RADARBANGSA.COM - Anggota Komisi II dari Fraksi PKB DPR RI Indrajaya merespon target Kepala Otorita Ibu Kota Nusantara (OIKN) Basuki Hadimuljono yang akan merampungkan pembangunan infrastruktur sektor legislatif dan yudikatif di IKN pada 2028 mendatang. Menurutnya, target tersebut dinilai terlalu bombastis.
"Target OIKN terkesan muluk-muluk (bombastis), karena itu perlu tahapan pembangunan yang terukur, termasuk upaya menyelesaikan berbagai dampak pembangunan yang terjadi," ujar Indrajaya dalam keterangannya, Selasa (7/1/2025).
Indrajaya mengingatkan agar OIKN lebih realistis dan menerapkan target pencapaian pembangunan (milestone) yang terukur, mengingat APBN 2025 untuk IKN masih sejumlah Rp 6,3 triliun dari rancangan anggaran sebesar Rp400,3 triliun.
Target Ketua OIKN adalah imbas dari rencana Presiden Prabowo Subianto yang akan berkantor di IKN pada 17 Agustus 2028. Namun, Prabowo mensyaratkan bila IKN telah berfungsi sebagai Ibu Kota Politik.
"Artinya, selain Istana Negara, di IKN juga telah berdiri Gedung DPR RI, Mahkamah Agung, Kejaksaan RI, dan Mabes Polri," terangnya.
Dalam Siaran Pers Kantor Komunikasi Kepresidenan (10/12/24), Prabowo terang-terangan menyatakan bahwa jika perpindahannya ke IKN tidak dapat dilakukan pada 2028, maka akan dilaksanakan pada 2029. Atau dengan kata lain, bila infrastuktur gedung yang berperan sebagai Trias Politika (checks and balances) ini tidak terpenuhi, maka tidak ada beban bagi Presiden Prabowo untuk menunda perpindahannya ke IKN.
Prabowo meyakini tanpa berdirinya tiga gedung pilar negara di IKN. Lembaga negara dan fungsinya akan terhambat. Ketiganya memiliki tugas dan kewenangan masing-masing, tetapi tetap terikat dalam suatu tata hubungan sesuai kewenangan dan batasan yang ditetapkan UUD 1945.
"Idealnya gedung lembaga eksekutif, legislatif, dan yudikatif sama-sama berdiri di Ibu Kota Negara," kata Indrajaya
Indrajaya berharap agar Ketua OIKN dapat menerjemahkan keinginan presiden lebih realistis dan argumentatif, "Membangun Gedung DPR, Kepolisian, Kejaksaan, dan Mahkamah Agung selain berbiaya besar, lahan yang luas, juga harus memperhatikan sumber air, listrik, akses atau jalan, serta dampak-dampak yang akan terjadi.

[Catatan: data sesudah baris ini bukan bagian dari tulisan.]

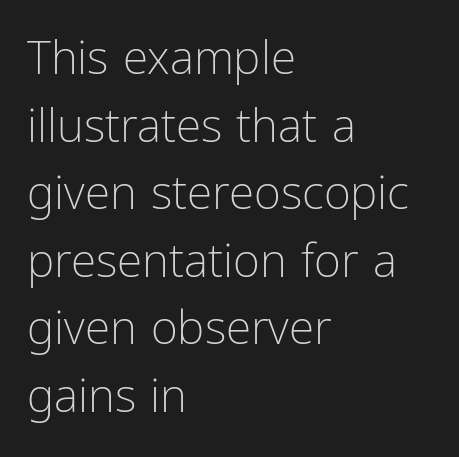
{"serif": "no", "italic": "no", "bold": "no", "weight": "light", "width": "condensed", "stroke_contrast": "low", "x_height": "medium", "monospaced": "no", "underline": "no", "align": "left", "line_spacing": "normal", "line_spacing_ratio": 1.47, "letter_spacing": "normal", "letter_spacing_em": 0.0, "glyph_px": 46}
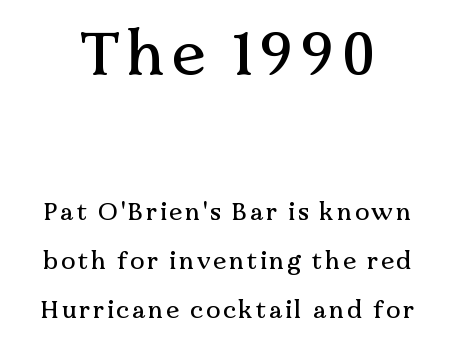
{"serif": "yes", "italic": "no", "width": "normal", "stroke_contrast": "medium", "x_height": "medium", "monospaced": "no", "underline": "no", "line_spacing": "loose", "line_spacing_ratio": 2.05, "larger_block": "first", "size_ratio": 2.54, "glyph_px": 61}

Ini tidak mudah, perlu kajian mendalam yang melibatkan banyak ahli," terangnya.
Legislator asal Dapil Papua Selatan itu juga merinci beberapa dampak yang penyelesaiannya melibatkan semua lembaga negara, mulai dari dampak sosial, lingkungan, budaya, ekonomi, politik, keamanan, dan lainnya. "Perpindahan ke IKN bukan soal kecepatan tapi kesiapan," urainya.
Indrajaya mencontohkan beberapa negara gagal meramaikan ibu kota barunya. Dua negara terdekat yang tidak berhasil adalah Korea Selatan dari Seoul ke Sejong, dan Myanmar dari Kota Yangon ke Naypyidaw.
Dua kota baru di negara tetangga ini sepi penghuni. Para pegawai pemerintah enggan pindah karena dianggap kurang menopang berbagai aktivitas strategis dan terbatasnya akses publik serta keterpenuhan kebutuhan ekonomi, sosial, budaya.
Ada juga perpindahan kota baru yang dinilai terburu-buru karena faktor politik, seperti di Negara Tanzania dari Kota Dar Es Salaam ke Dodoma dan Negara Kazakhstan dari ibu kota Almaty ke Astana.
Kedua negara ini berharap terjadi pemerataan pertumbuhan penduduk yang sudah membludak, namun justru membuat perekonomian kedua negara terpuruk. Yang ironis, perpindahan Ibu Kota Nigeria dari ibu kota Lagos ke Abuja justru membuat.negara tergolong miskin ini menjadi semakin miskin.
Berdasar pengalaman negara-negara gagal dalam memindahkan ibu kota tersebut, Indrajaya berpandangan, syarat Presiden Prabowo Subianto berkantor di IKN setelah berfungsinya lembaga politik sebagai keputusan strategis dan visioner.
"Jangan sampai pembangunan yang buru-buru, justru menciptakan kerugian yang lebih besar," pungkas Indrajaya.